**DATA PROVIDED**.
§ §

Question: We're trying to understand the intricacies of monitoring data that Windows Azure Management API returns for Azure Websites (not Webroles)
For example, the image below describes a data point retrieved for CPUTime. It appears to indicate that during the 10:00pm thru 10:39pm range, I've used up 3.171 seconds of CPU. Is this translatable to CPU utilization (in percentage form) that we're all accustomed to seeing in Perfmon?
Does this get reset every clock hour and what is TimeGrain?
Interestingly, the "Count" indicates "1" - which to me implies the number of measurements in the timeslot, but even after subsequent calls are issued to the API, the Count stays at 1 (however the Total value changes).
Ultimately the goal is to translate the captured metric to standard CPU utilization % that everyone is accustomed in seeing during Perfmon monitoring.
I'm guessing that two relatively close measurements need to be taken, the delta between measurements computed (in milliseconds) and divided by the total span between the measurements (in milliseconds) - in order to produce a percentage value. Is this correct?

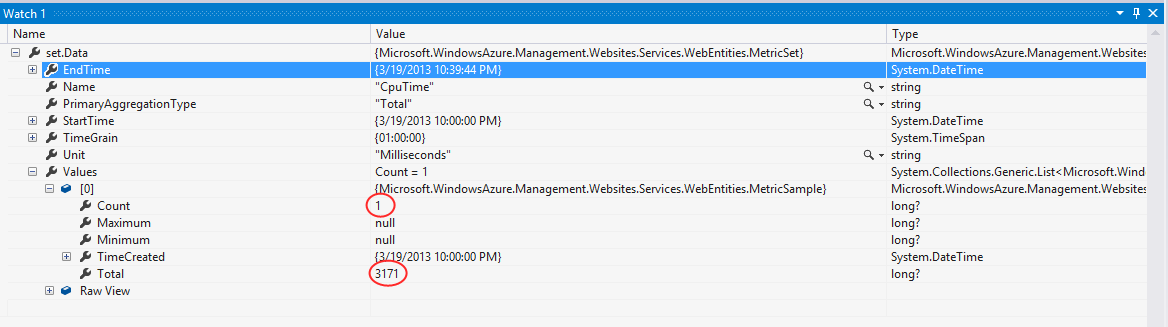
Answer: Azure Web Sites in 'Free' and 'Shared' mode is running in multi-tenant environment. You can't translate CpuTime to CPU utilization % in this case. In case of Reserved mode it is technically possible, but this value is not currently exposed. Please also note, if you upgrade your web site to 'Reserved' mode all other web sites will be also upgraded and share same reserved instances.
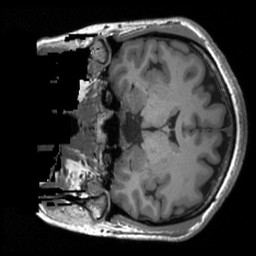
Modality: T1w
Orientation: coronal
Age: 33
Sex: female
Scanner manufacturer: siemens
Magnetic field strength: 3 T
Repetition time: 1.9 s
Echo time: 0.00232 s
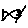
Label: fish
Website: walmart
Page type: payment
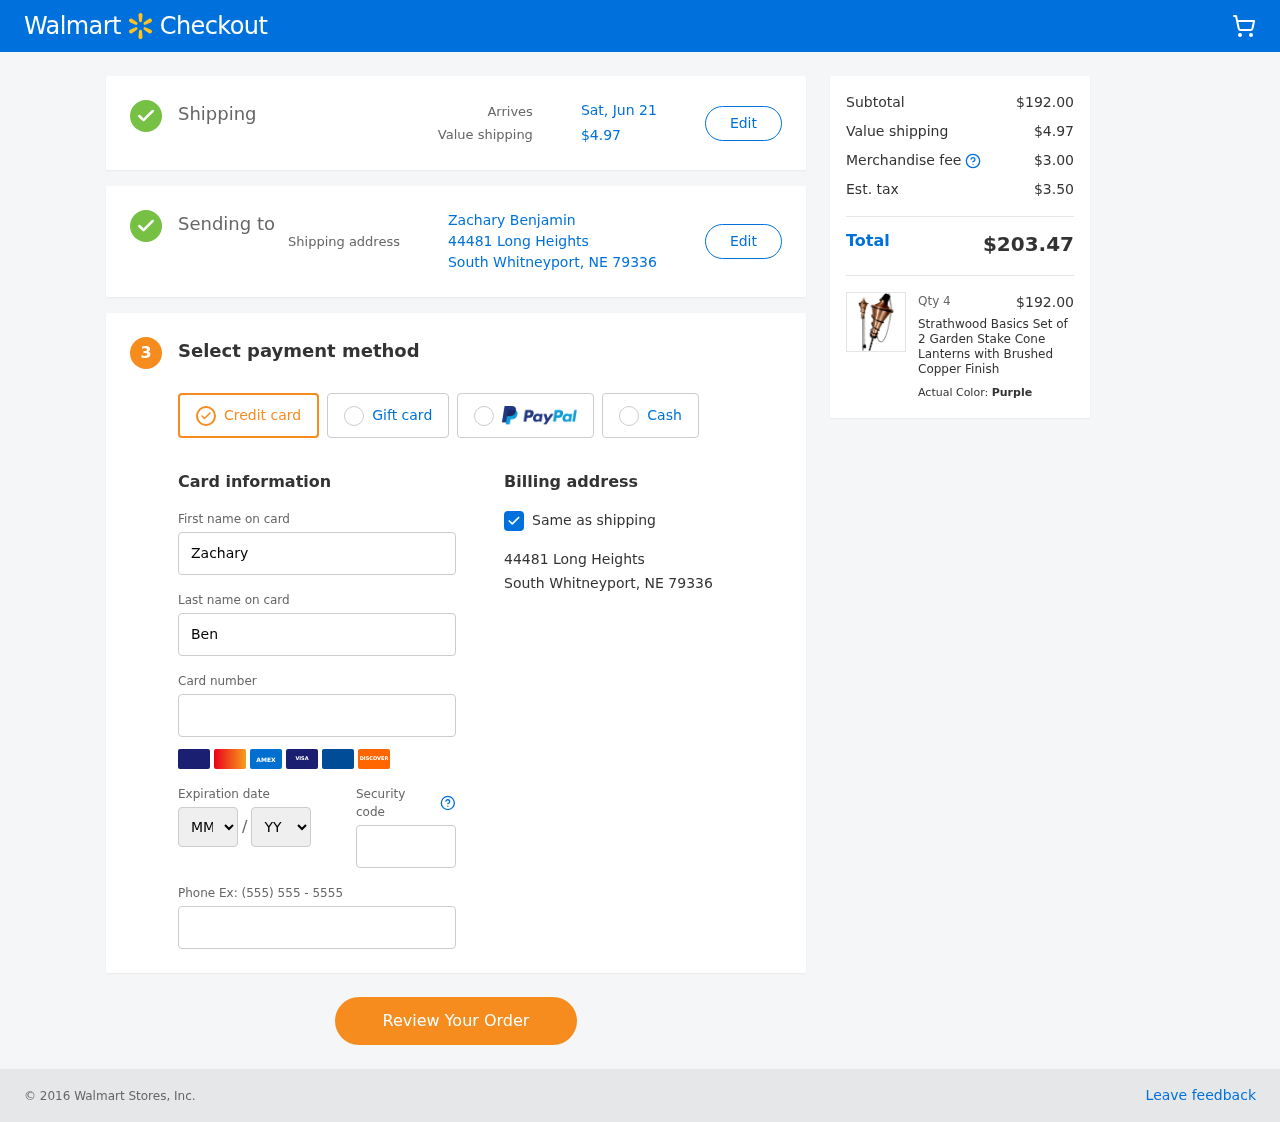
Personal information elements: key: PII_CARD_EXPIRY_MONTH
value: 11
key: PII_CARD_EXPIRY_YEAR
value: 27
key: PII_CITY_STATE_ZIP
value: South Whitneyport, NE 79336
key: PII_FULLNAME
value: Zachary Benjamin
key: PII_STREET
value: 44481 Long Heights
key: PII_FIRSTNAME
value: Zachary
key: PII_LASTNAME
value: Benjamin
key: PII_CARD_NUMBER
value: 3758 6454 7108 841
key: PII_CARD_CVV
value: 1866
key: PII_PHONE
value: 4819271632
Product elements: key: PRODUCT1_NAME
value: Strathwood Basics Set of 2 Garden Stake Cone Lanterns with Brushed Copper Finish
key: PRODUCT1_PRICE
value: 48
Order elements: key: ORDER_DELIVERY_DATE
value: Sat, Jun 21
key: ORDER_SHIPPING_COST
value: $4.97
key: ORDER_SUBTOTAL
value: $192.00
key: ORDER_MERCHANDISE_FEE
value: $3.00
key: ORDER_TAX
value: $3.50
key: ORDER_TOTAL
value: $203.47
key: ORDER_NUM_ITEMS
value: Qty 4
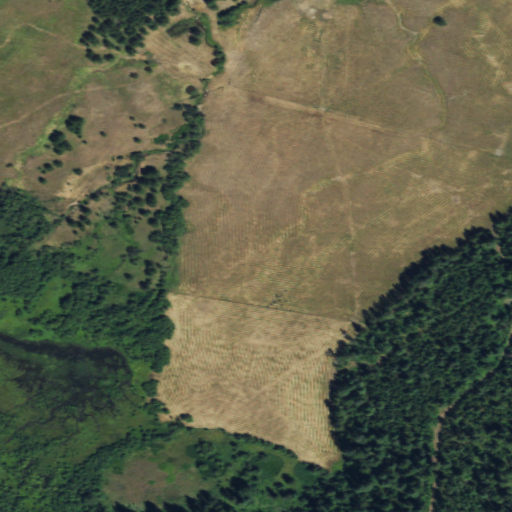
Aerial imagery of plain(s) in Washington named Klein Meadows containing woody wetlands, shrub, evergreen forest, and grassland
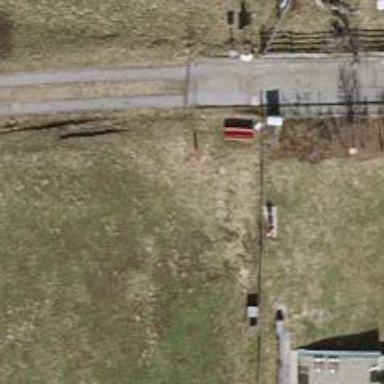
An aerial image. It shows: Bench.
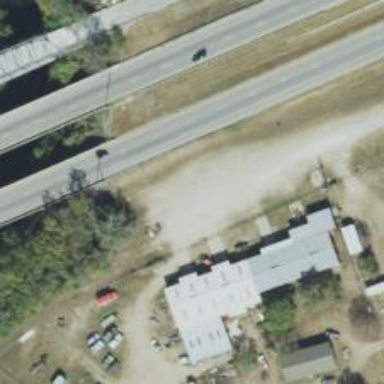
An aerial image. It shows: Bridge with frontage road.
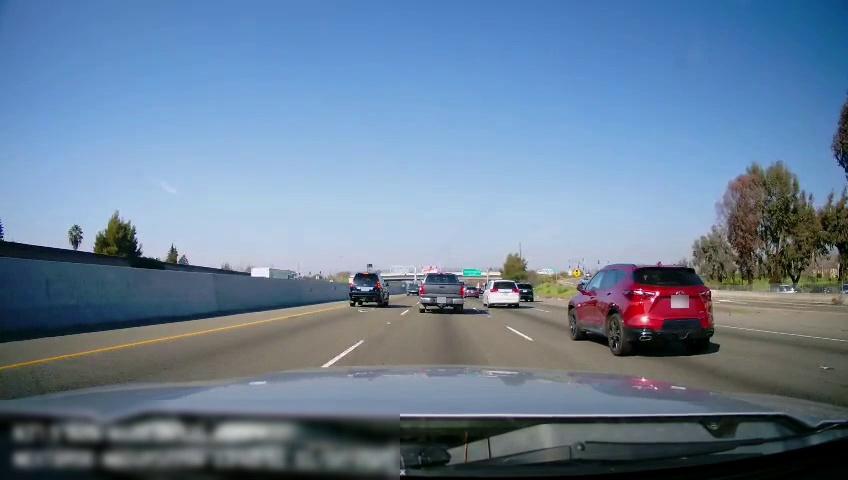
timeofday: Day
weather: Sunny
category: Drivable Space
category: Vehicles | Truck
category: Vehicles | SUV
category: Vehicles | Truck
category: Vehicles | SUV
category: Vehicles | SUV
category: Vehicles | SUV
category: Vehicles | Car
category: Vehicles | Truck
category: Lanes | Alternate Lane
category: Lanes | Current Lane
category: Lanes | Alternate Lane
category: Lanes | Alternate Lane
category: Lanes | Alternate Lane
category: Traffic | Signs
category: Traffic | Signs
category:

§ §

**TASK PROMPT**.
Text only, no pictures: please print exactly the lines above from the line with "value: $203.47" up to and including the line with "category: Drivable Space", and nothing else.

**PROBLEM SOLUTION**.
value: $203.47
key: ORDER_NUM_ITEMS
value: Qty 4
Aerial imagery of plain(s) in Washington named Klein Meadows containing woody wetlands, shrub, evergreen forest, and grassland
An aerial image. It shows: Bench.
An aerial image. It shows: Bridge with frontage road.
timeofday: Day
weather: Sunny
category: Drivable Space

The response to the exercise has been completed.